Exercise instructions - Please give back the listing exactly, without any of its pictures.

Data for analysis -
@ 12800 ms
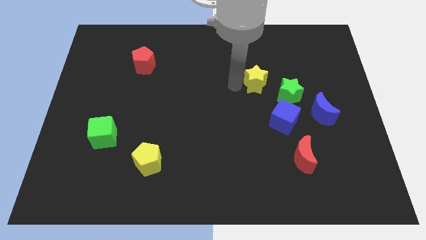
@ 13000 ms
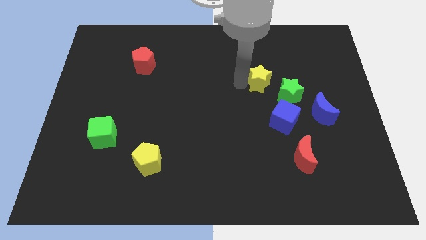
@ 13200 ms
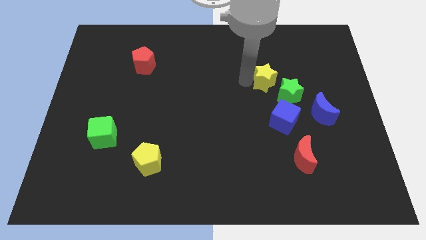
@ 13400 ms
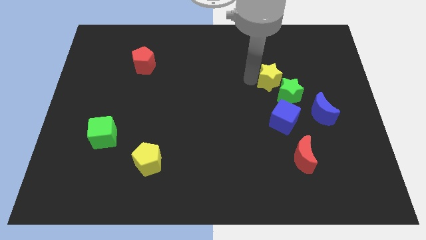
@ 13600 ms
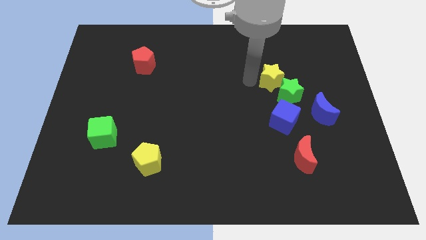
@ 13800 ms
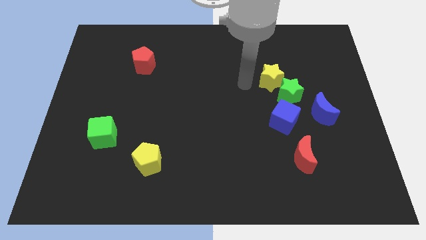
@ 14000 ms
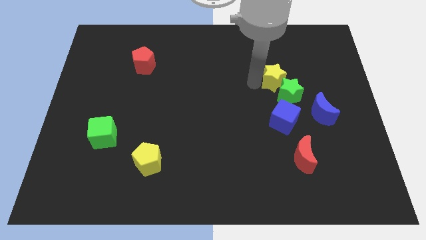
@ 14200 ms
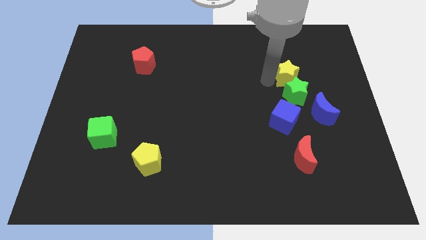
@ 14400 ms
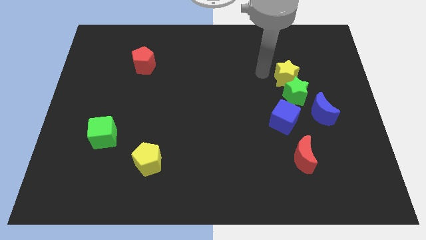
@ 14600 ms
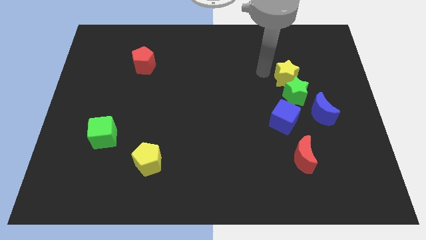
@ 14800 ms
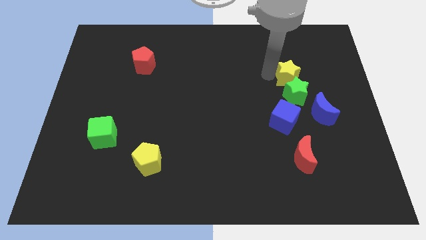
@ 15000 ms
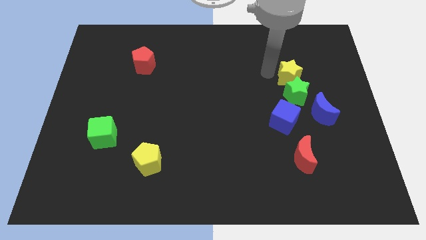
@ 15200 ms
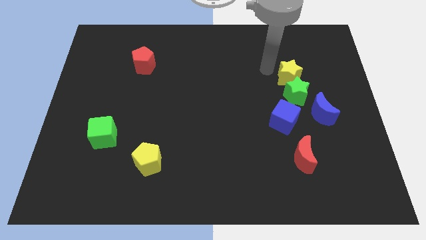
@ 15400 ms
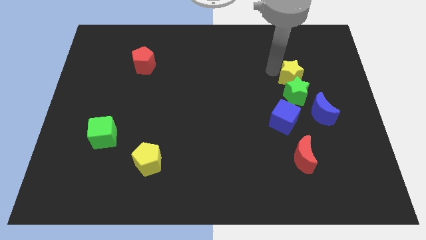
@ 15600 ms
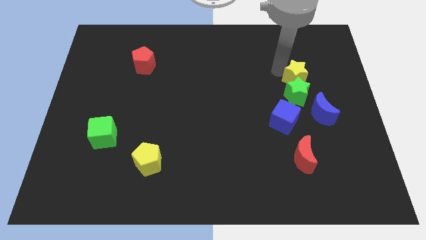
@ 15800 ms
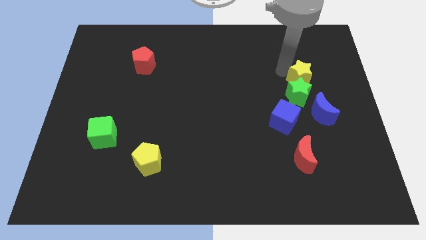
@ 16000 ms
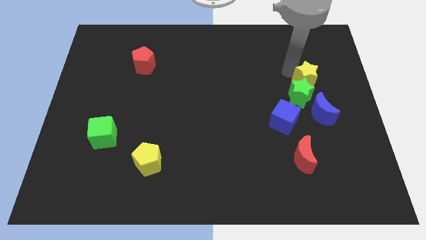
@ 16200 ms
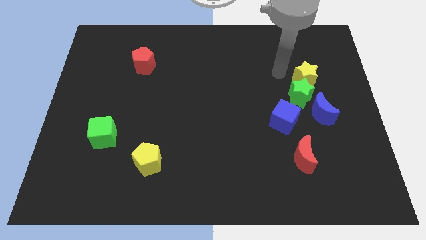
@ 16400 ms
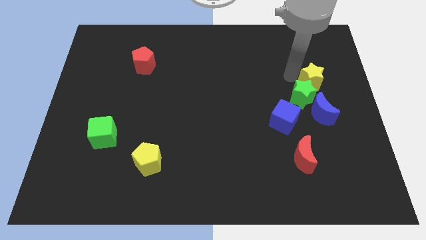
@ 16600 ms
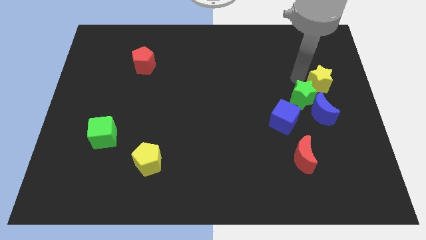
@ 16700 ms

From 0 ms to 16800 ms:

Result of the exercise -
@ 12800 ms
@ 13000 ms
@ 13200 ms
@ 13400 ms
@ 13600 ms
@ 13800 ms
@ 14000 ms
@ 14200 ms
@ 14400 ms
@ 14600 ms
@ 14800 ms
@ 15000 ms
@ 15200 ms
@ 15400 ms
@ 15600 ms
@ 15800 ms
@ 16000 ms
@ 16200 ms
@ 16400 ms
@ 16600 ms
@ 16700 ms

From 0 ms to 16800 ms:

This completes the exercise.